For an ENABLE scope nested inside an ENABLE scope...?
For a catch series nested inside an ENABLE scope...?
For a procedure nested inside a catch series...?
For an ENABLE scope nested inside a catch series...?
For a catch series nested inside a catch series...?
Sun's SUNOS cc (data structures)
Sun's SUNOS cc & ld (symbols)
In an elementary a.out (ie, one produced by compiling a single source), all the linker symbols preceed all the debugger stabs. The exported and non-exported linker symbols are intermixed.
In a compound a.out (ie, one produced by ld from several others), all the exported linker symbols appear at the end. This final sequence is the concatenation of the exported linker symbol subsequences of the component a.outs. The other (non-linker or non-exported) symbol sequence in the compound a.out is also the concatenation of the other symbol subsequences of the component a.outs.
a.out (gcc & Sun's bundled SUNOS cc)
The relation between the C source structure and the stabs is obscure.
For gcc, the SLINE stabs all appear before the FUN stab. For Sun's bundled cc, they are intermixed with other stabs in a less suprising way. The rest of this section ignores the SLINE stabs.
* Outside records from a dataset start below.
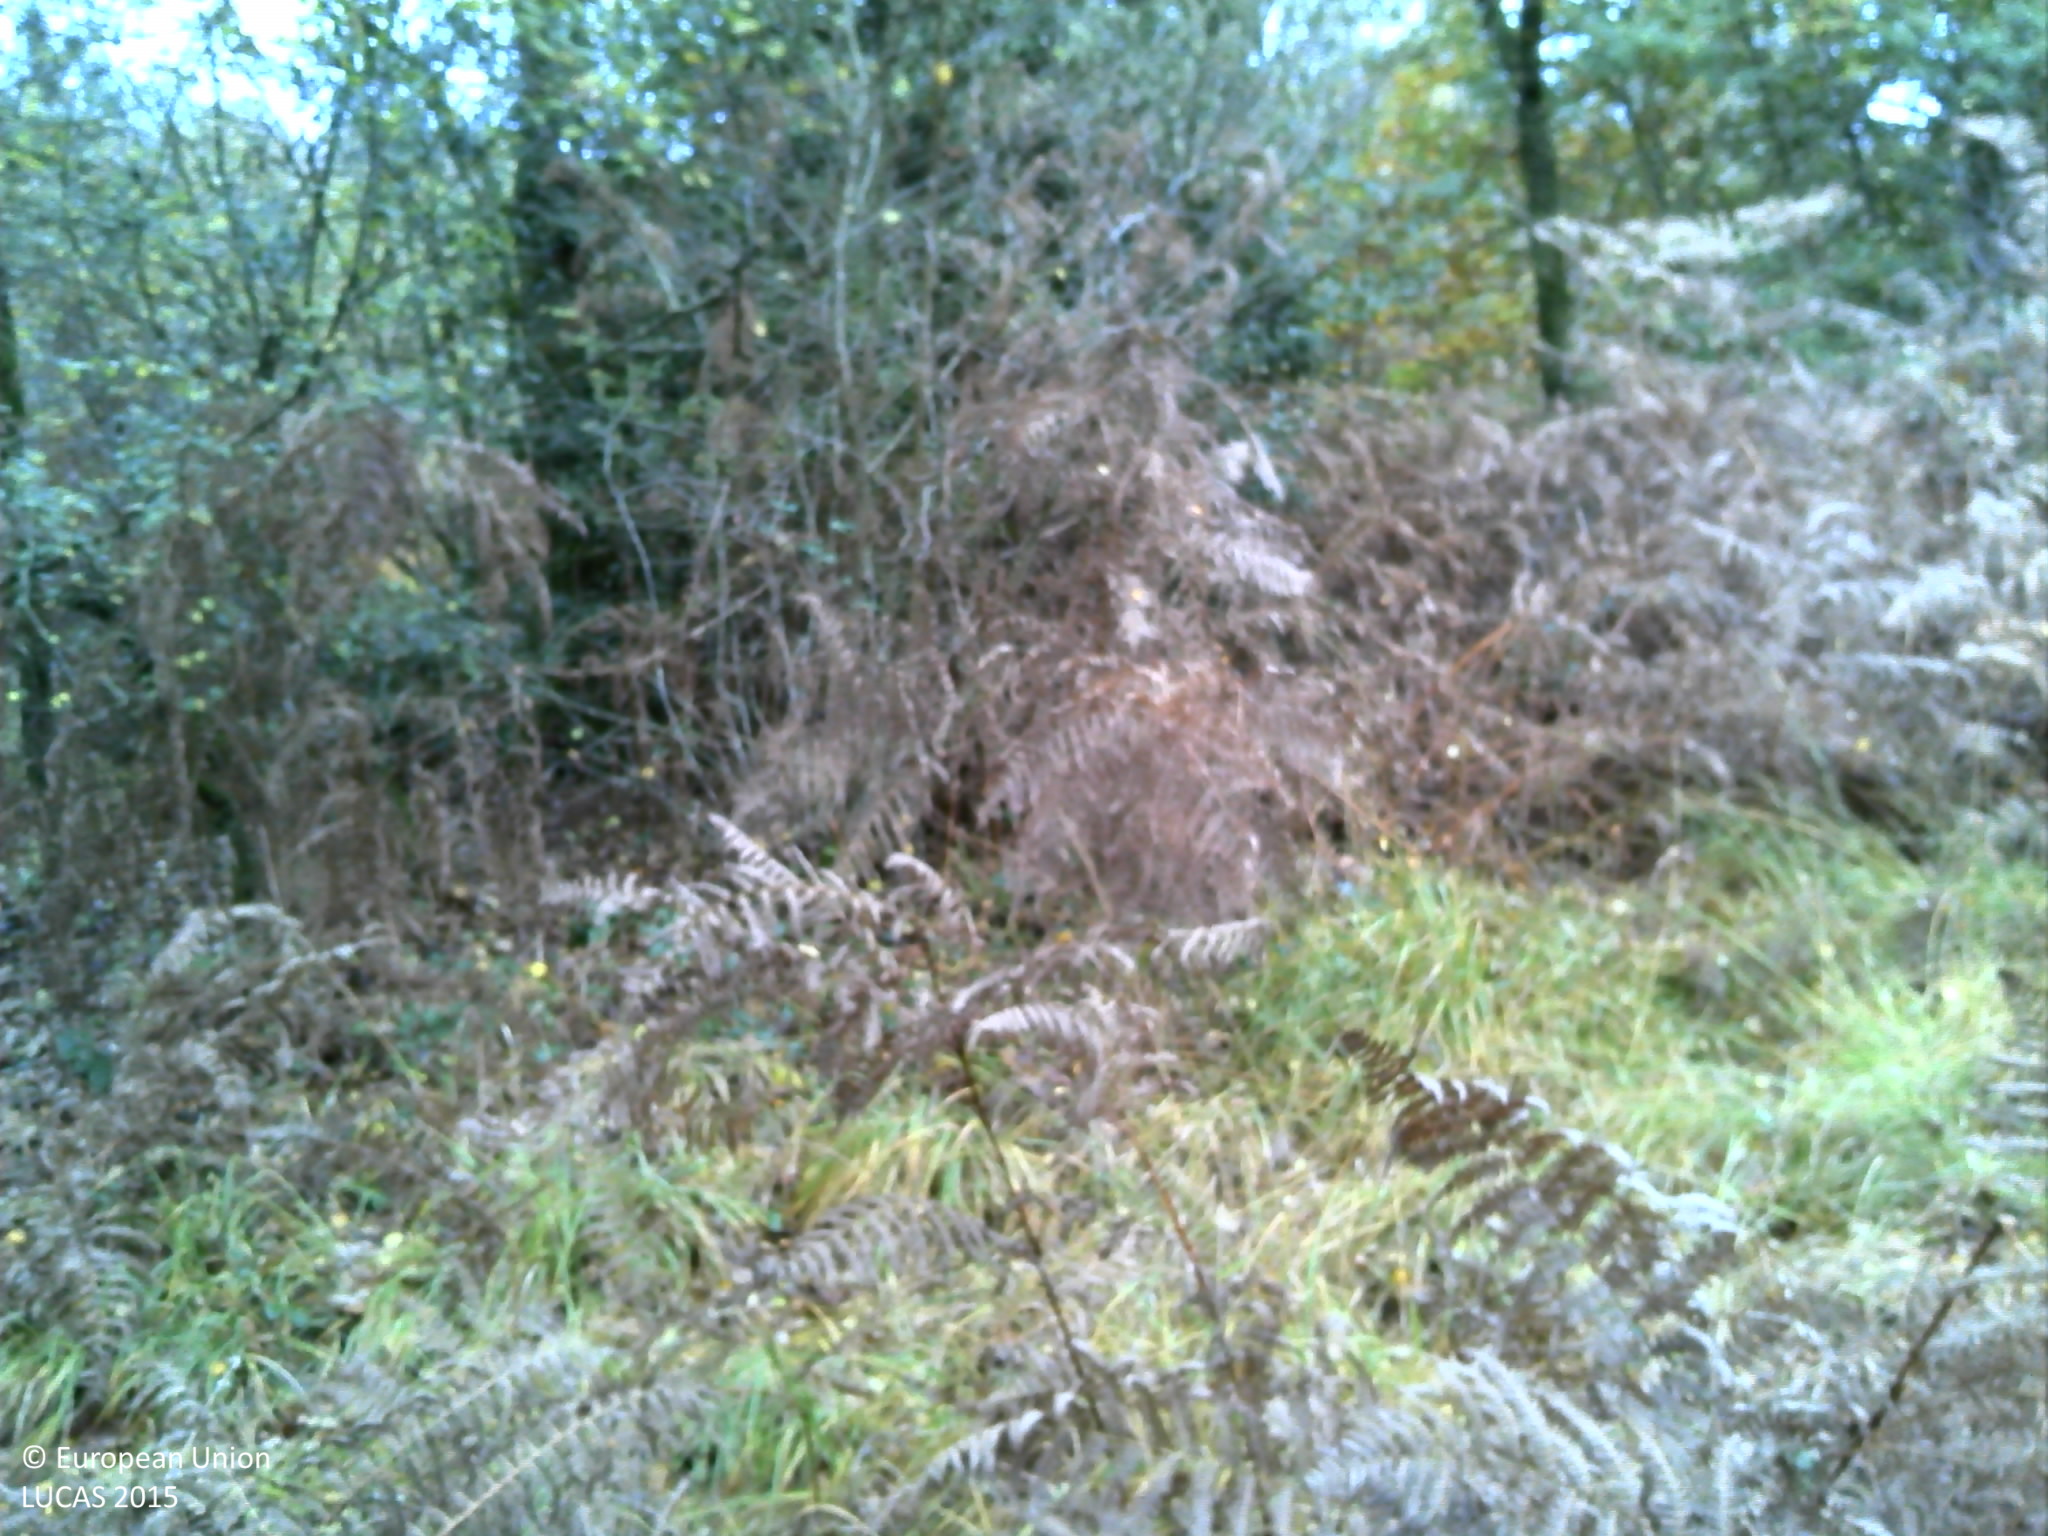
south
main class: Woodland
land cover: Broadleaved woodland
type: acidophilous oak and oak-birch forest
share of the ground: 50 - 75 %
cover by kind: broadleaved forest trees 70 %, herbaceous plants 30 %
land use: Forestry
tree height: > 5 m
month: November
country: FR
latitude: 47.6512
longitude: -1.3716

Sun's bundled cc omits an LBRAC & RBRAC pair that does not directly contain declarations; gcc omits an LBRAC & RBRAC pair that does not recursively contain declarations. Both compilers emit declarations before the LBRAC & RBRAC pair that contains them.
The parameters to a procedure are declared after the FUN stab. For parameters put into registers, Sun's bundled cc emits a PSYM and an RSYM stab; gcc emits only the RSYM stab.
Local register variables provoke only one stab from both compilers.
Both compilers emit declarations for structure & union names and also for typedef-ed names --- both emit two declarations when a name is declared in both ways. Both compilers use LSYM stabs for both kinds of declarations. The two kinds of declarations can be distinguished by looking at the ``symbol descriptor'' (the first character after the `:') in the stab's string: `t' for one kind, `T' for the other.
When a type has to be constructed for a local variable, gcc uses a new typeref (number or number pair) for every distinct scope; Sun's bundled cc shares typerefs across a whole module.
The scope for an LSYM or RSYM is thus a bit tricky to determine, because such a stab could describe an argument or a global symbol [sic]. For an LSYM, one could search for the next bracket or FUN stab; if a LBRAC is found, the LSYM is local to that bracket pair's scope; if a FUN stab is found, the LSYM is global to the module; if an RBRAC is found, this documentation is buggy. For an RSYM without a matching PSYM, the ``symbol descriptor'' in the stab's string must be consulted.
Thus, here's how the sequence of non-SLINE stabs can be parsed:
<module> = <glob>* (<fun> <glob>*)*
<glob> = GSYM | LCSYM | STSYM | LSYM
<fun> = FUN (PSYM | RSYM | PSYM[name] RSYM[name])* <bracket>*
<bracket> = (STSYM | LSYM | RSYM)* LBRAC <bracket>* RBRAC
(Note the hack of using <bracket>* in a <fun> to summarize all the ways intermediate bracket pairs might be omitted.)